## Assigned task
From the first line to the last, print the material exactly, skipping the pictures.

## Extracted entries
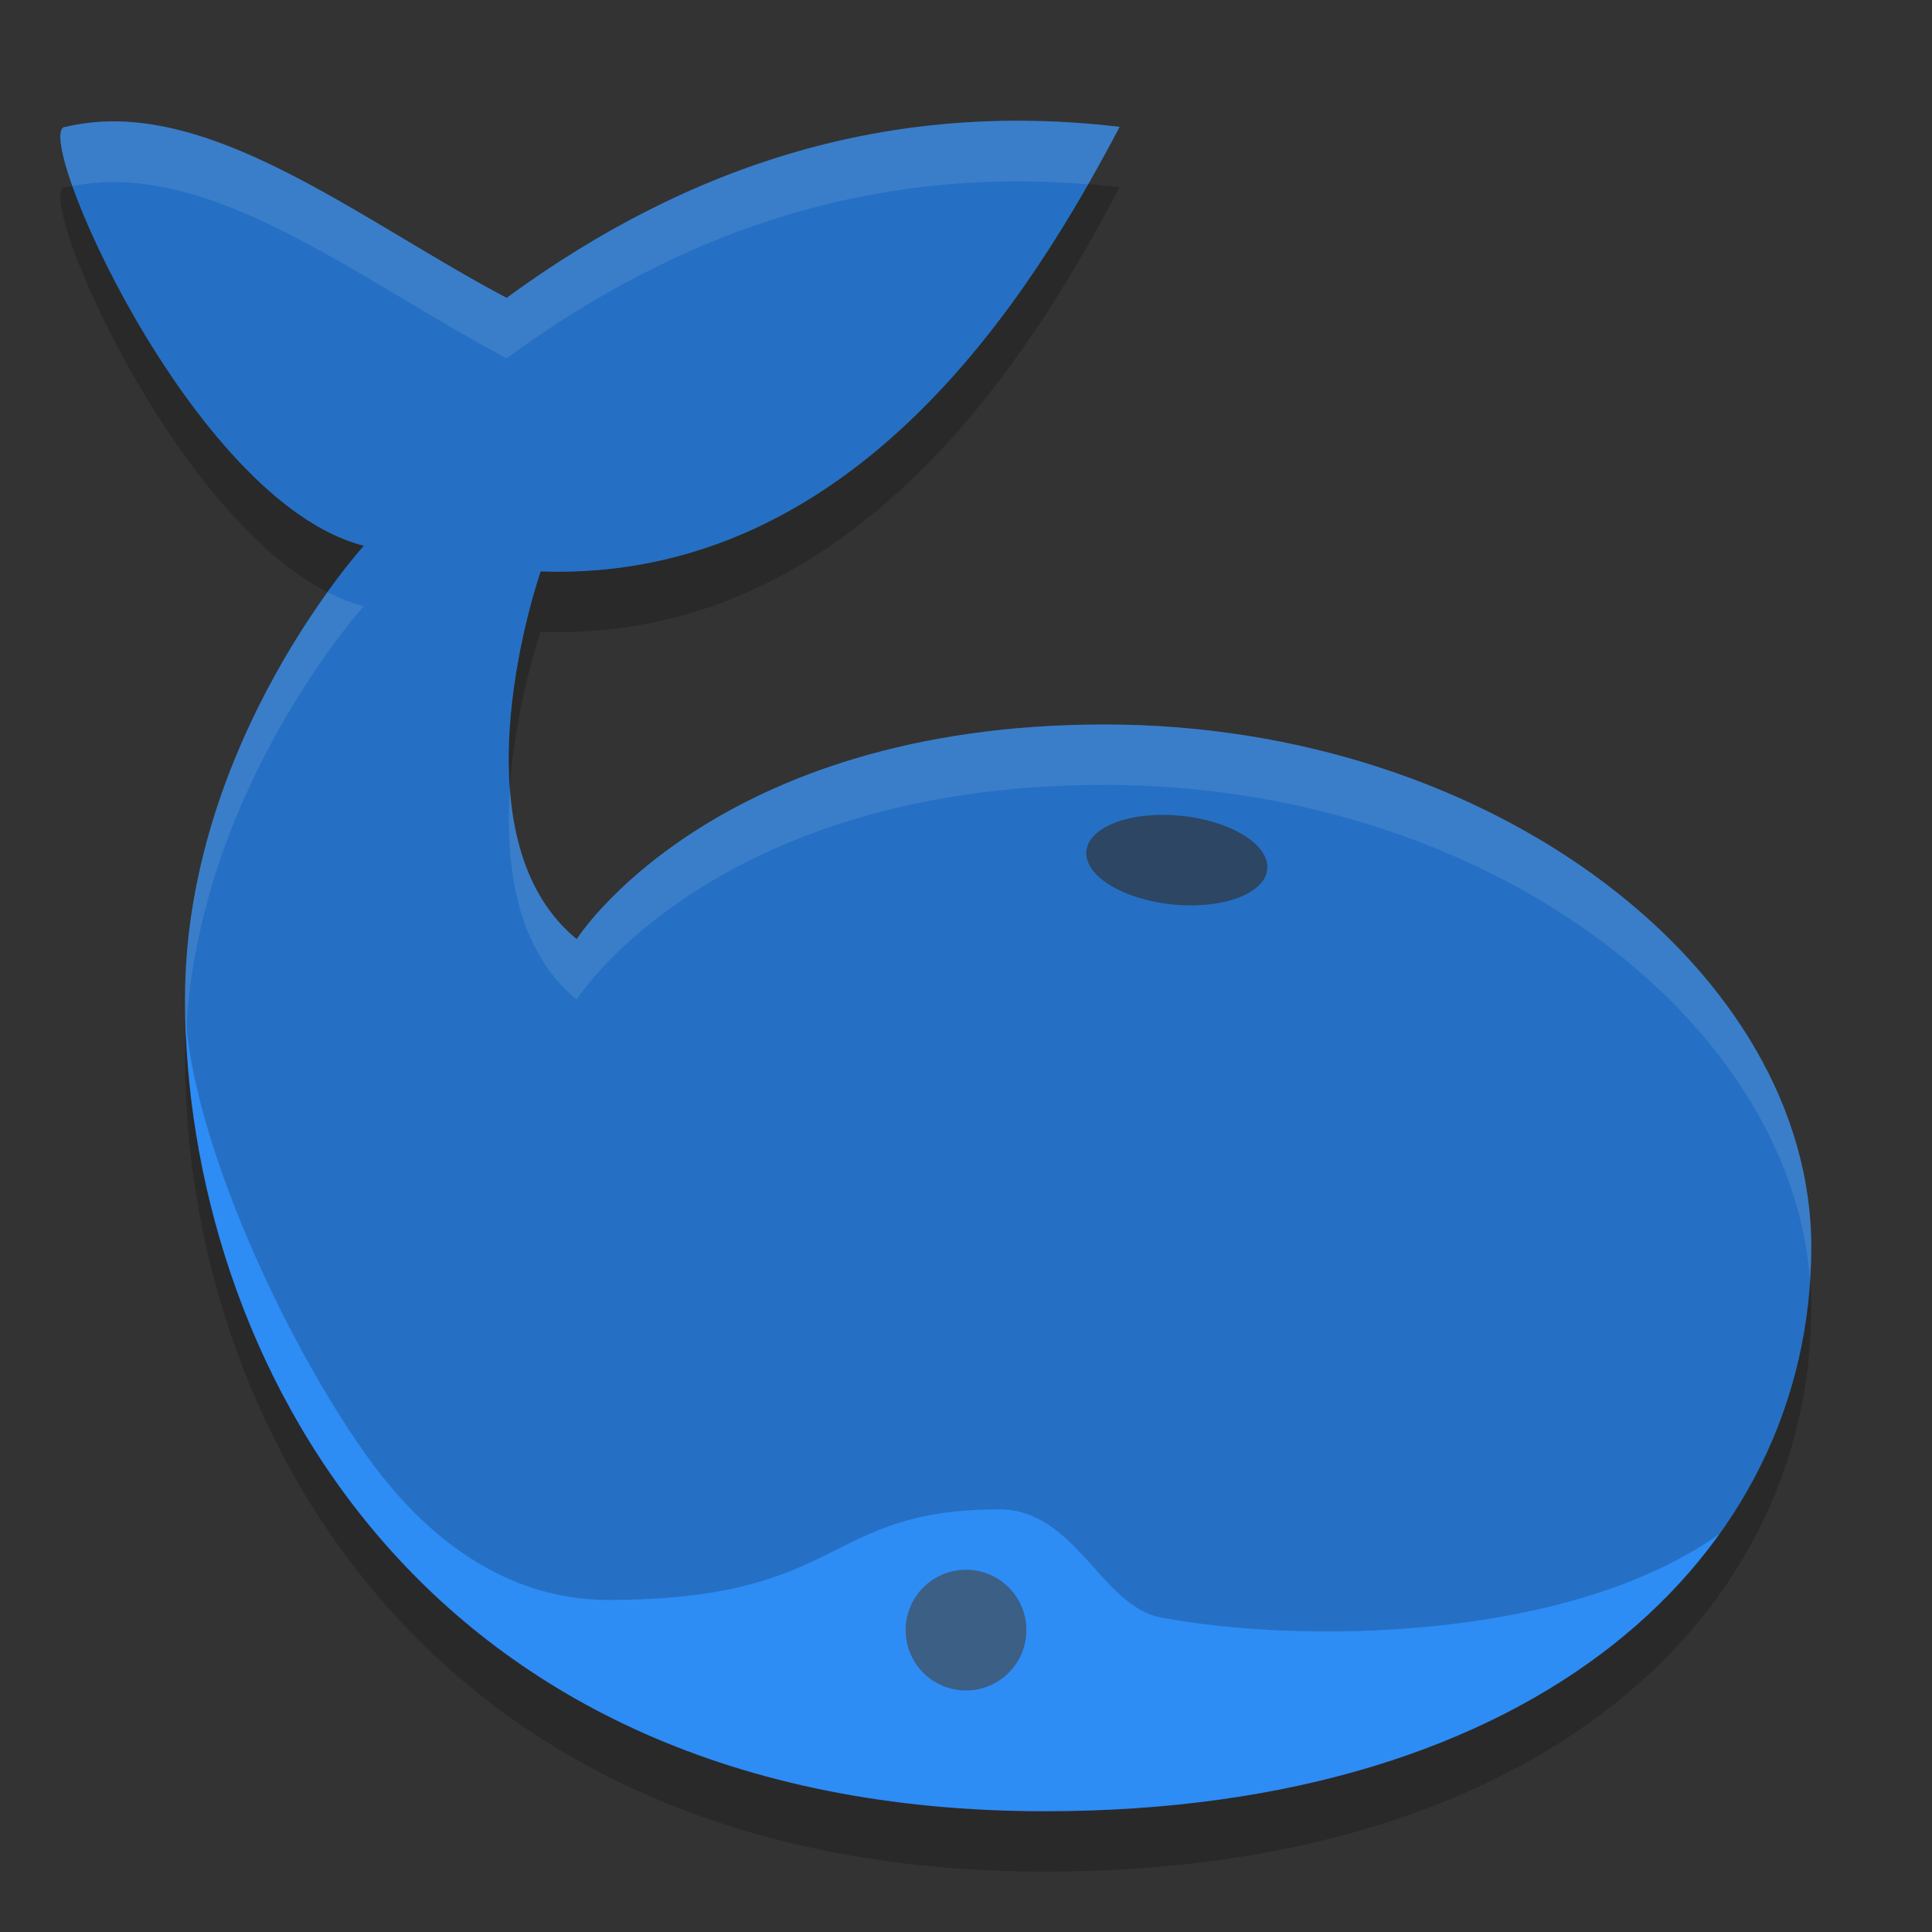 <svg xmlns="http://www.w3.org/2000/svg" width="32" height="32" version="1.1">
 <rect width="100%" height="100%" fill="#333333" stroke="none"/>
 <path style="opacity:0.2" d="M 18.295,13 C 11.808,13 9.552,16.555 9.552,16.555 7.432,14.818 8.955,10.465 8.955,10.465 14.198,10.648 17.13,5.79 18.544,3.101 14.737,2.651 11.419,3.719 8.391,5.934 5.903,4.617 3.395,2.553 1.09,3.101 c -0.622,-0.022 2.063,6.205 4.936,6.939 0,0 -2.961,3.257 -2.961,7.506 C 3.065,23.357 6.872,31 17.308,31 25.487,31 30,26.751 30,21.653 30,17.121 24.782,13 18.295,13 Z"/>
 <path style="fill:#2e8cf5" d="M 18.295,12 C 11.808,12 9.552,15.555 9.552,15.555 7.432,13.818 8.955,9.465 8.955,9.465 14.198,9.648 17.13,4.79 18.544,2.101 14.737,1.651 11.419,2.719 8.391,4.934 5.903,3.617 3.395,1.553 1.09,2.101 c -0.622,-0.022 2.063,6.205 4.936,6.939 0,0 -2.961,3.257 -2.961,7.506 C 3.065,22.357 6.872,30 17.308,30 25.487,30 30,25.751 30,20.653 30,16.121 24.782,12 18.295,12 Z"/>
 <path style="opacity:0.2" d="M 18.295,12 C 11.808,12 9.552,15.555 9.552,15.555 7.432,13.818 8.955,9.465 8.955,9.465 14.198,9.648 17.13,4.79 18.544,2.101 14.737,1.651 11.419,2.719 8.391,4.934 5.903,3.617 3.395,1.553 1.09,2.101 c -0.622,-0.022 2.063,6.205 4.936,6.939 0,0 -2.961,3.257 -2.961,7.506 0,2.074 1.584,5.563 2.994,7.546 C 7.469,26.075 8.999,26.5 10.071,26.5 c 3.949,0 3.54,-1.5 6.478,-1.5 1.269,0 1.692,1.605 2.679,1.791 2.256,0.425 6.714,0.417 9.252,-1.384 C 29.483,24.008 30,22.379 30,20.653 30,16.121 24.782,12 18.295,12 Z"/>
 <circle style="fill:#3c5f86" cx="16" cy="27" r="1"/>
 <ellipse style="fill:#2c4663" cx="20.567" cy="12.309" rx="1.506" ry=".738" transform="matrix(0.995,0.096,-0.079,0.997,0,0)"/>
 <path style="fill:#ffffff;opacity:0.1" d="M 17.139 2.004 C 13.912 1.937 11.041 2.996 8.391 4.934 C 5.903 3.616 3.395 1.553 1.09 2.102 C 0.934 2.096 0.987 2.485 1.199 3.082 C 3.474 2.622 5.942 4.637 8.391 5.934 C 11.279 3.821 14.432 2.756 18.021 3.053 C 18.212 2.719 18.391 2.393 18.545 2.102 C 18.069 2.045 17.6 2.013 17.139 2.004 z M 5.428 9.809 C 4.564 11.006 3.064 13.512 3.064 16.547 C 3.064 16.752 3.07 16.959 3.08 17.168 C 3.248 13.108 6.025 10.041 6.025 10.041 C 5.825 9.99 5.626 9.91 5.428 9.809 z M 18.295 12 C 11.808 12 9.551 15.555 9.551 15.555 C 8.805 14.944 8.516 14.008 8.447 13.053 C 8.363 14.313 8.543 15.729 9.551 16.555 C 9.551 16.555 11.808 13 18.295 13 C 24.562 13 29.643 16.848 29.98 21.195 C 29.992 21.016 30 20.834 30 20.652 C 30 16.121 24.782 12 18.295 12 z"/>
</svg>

## Response below
 <svg xmlns="http://www.w3.org/2000/svg" width="32" height="32" version="1.1">
 <rect width="100%" height="100%" fill="#333333" stroke="none"/>
 <path style="opacity:0.2" d="M 18.295,13 C 11.808,13 9.552,16.555 9.552,16.555 7.432,14.818 8.955,10.465 8.955,10.465 14.198,10.648 17.13,5.79 18.544,3.101 14.737,2.651 11.419,3.719 8.391,5.934 5.903,4.617 3.395,2.553 1.09,3.101 c -0.622,-0.022 2.063,6.205 4.936,6.939 0,0 -2.961,3.257 -2.961,7.506 C 3.065,23.357 6.872,31 17.308,31 25.487,31 30,26.751 30,21.653 30,17.121 24.782,13 18.295,13 Z"/>
 <path style="fill:#2e8cf5" d="M 18.295,12 C 11.808,12 9.552,15.555 9.552,15.555 7.432,13.818 8.955,9.465 8.955,9.465 14.198,9.648 17.13,4.79 18.544,2.101 14.737,1.651 11.419,2.719 8.391,4.934 5.903,3.617 3.395,1.553 1.09,2.101 c -0.622,-0.022 2.063,6.205 4.936,6.939 0,0 -2.961,3.257 -2.961,7.506 C 3.065,22.357 6.872,30 17.308,30 25.487,30 30,25.751 30,20.653 30,16.121 24.782,12 18.295,12 Z"/>
 <path style="opacity:0.2" d="M 18.295,12 C 11.808,12 9.552,15.555 9.552,15.555 7.432,13.818 8.955,9.465 8.955,9.465 14.198,9.648 17.13,4.79 18.544,2.101 14.737,1.651 11.419,2.719 8.391,4.934 5.903,3.617 3.395,1.553 1.09,2.101 c -0.622,-0.022 2.063,6.205 4.936,6.939 0,0 -2.961,3.257 -2.961,7.506 0,2.074 1.584,5.563 2.994,7.546 C 7.469,26.075 8.999,26.5 10.071,26.5 c 3.949,0 3.54,-1.5 6.478,-1.5 1.269,0 1.692,1.605 2.679,1.791 2.256,0.425 6.714,0.417 9.252,-1.384 C 29.483,24.008 30,22.379 30,20.653 30,16.121 24.782,12 18.295,12 Z"/>
 <circle style="fill:#3c5f86" cx="16" cy="27" r="1"/>
 <ellipse style="fill:#2c4663" cx="20.567" cy="12.309" rx="1.506" ry=".738" transform="matrix(0.995,0.096,-0.079,0.997,0,0)"/>
 <path style="fill:#ffffff;opacity:0.1" d="M 17.139 2.004 C 13.912 1.937 11.041 2.996 8.391 4.934 C 5.903 3.616 3.395 1.553 1.09 2.102 C 0.934 2.096 0.987 2.485 1.199 3.082 C 3.474 2.622 5.942 4.637 8.391 5.934 C 11.279 3.821 14.432 2.756 18.021 3.053 C 18.212 2.719 18.391 2.393 18.545 2.102 C 18.069 2.045 17.6 2.013 17.139 2.004 z M 5.428 9.809 C 4.564 11.006 3.064 13.512 3.064 16.547 C 3.064 16.752 3.07 16.959 3.08 17.168 C 3.248 13.108 6.025 10.041 6.025 10.041 C 5.825 9.99 5.626 9.91 5.428 9.809 z M 18.295 12 C 11.808 12 9.551 15.555 9.551 15.555 C 8.805 14.944 8.516 14.008 8.447 13.053 C 8.363 14.313 8.543 15.729 9.551 16.555 C 9.551 16.555 11.808 13 18.295 13 C 24.562 13 29.643 16.848 29.98 21.195 C 29.992 21.016 30 20.834 30 20.652 C 30 16.121 24.782 12 18.295 12 z"/>
</svg>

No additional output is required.